What the task requires →
Copy every entry word for word, but skip the pictures.

************

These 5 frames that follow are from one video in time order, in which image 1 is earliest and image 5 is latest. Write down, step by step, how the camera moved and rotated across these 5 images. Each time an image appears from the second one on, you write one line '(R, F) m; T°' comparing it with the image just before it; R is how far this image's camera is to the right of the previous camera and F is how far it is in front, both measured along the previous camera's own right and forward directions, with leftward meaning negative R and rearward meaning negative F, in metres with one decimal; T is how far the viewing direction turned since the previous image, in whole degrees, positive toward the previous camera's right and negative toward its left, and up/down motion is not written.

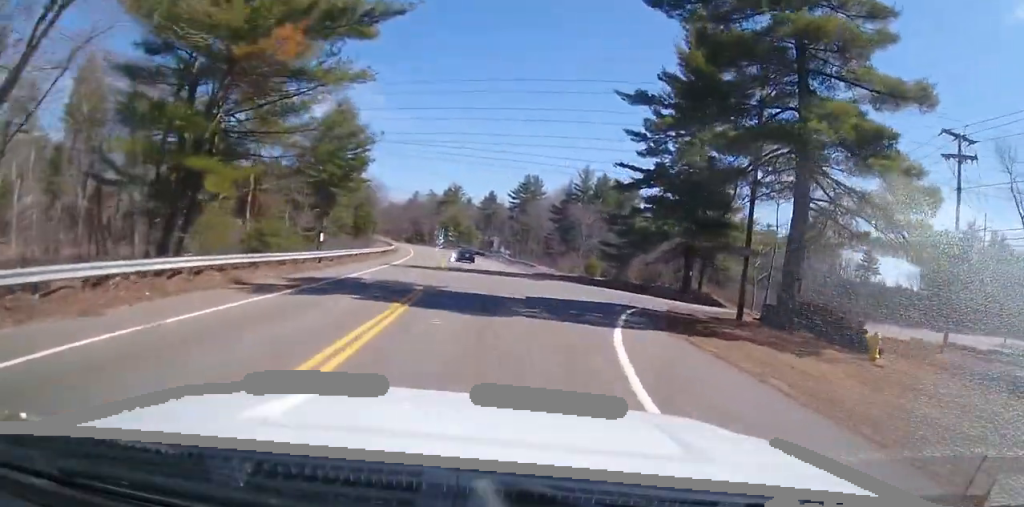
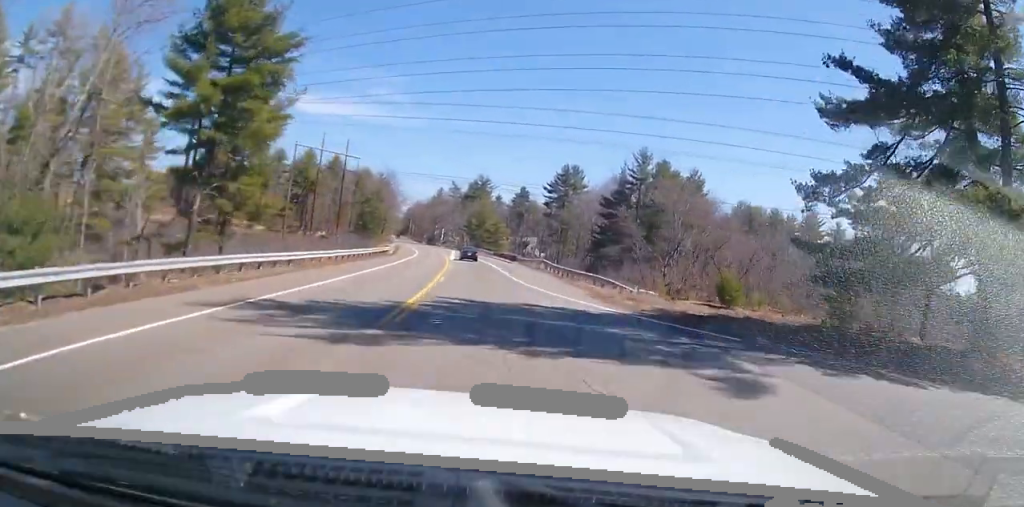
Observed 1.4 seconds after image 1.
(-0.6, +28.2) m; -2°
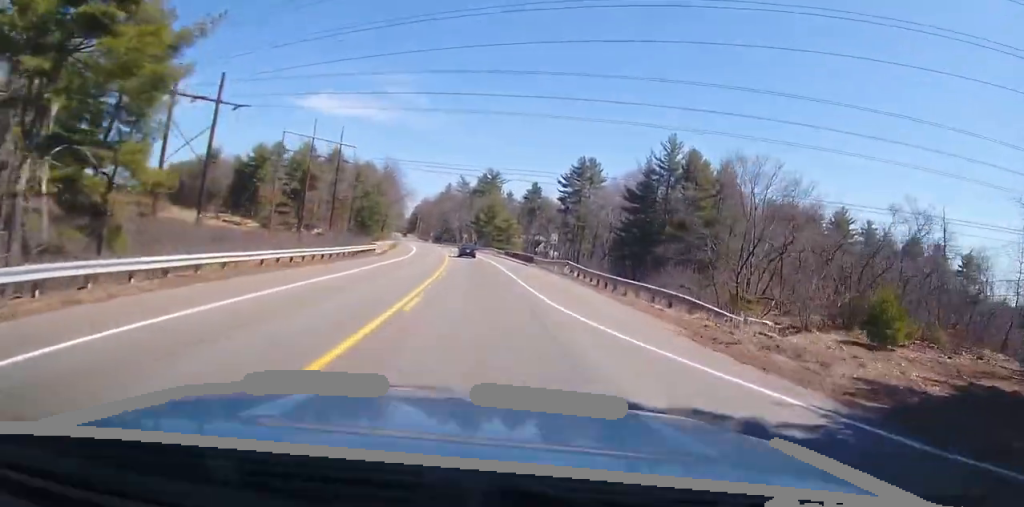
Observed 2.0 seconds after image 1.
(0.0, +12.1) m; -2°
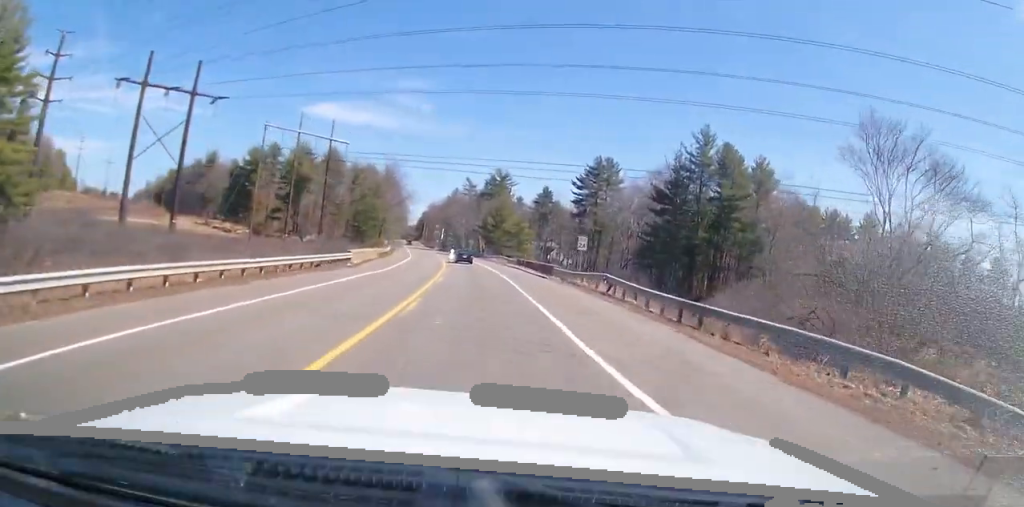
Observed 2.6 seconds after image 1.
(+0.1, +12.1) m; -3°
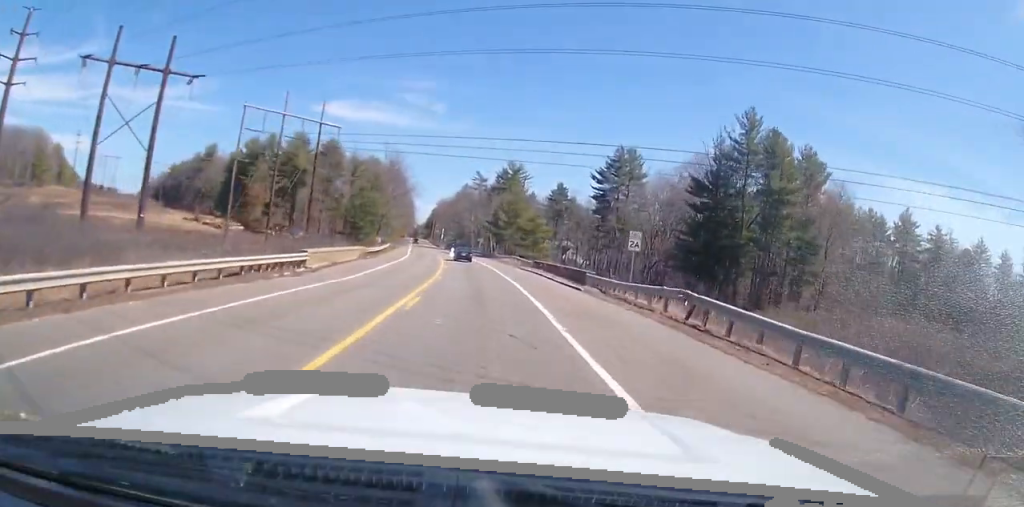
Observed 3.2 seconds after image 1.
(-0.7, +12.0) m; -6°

************

Exercise solution →
These 5 frames that follow are from one video in time order, in which image 1 is earliest and image 5 is latest. Write down, step by step, how the camera moved and rotated across these 5 images. Each time an image appears from the second one on, you write one line '(R, F) m; T°' comparing it with the image just before it; R is how far this image's camera is to the right of the previous camera and F is how far it is in front, both measured along the previous camera's own right and forward directions, with leftward meaning negative R and rearward meaning negative F, in metres with one decimal; T is how far the viewing direction turned since the previous image, in whole degrees, positive toward the previous camera's right and negative toward its left, and up/down motion is not written.

Observed 1.4 seconds after image 1.
(-0.6, +28.2) m; -2°
Observed 2.0 seconds after image 1.
(0.0, +12.1) m; -2°
Observed 2.6 seconds after image 1.
(+0.1, +12.1) m; -3°
Observed 3.2 seconds after image 1.
(-0.7, +12.0) m; -6°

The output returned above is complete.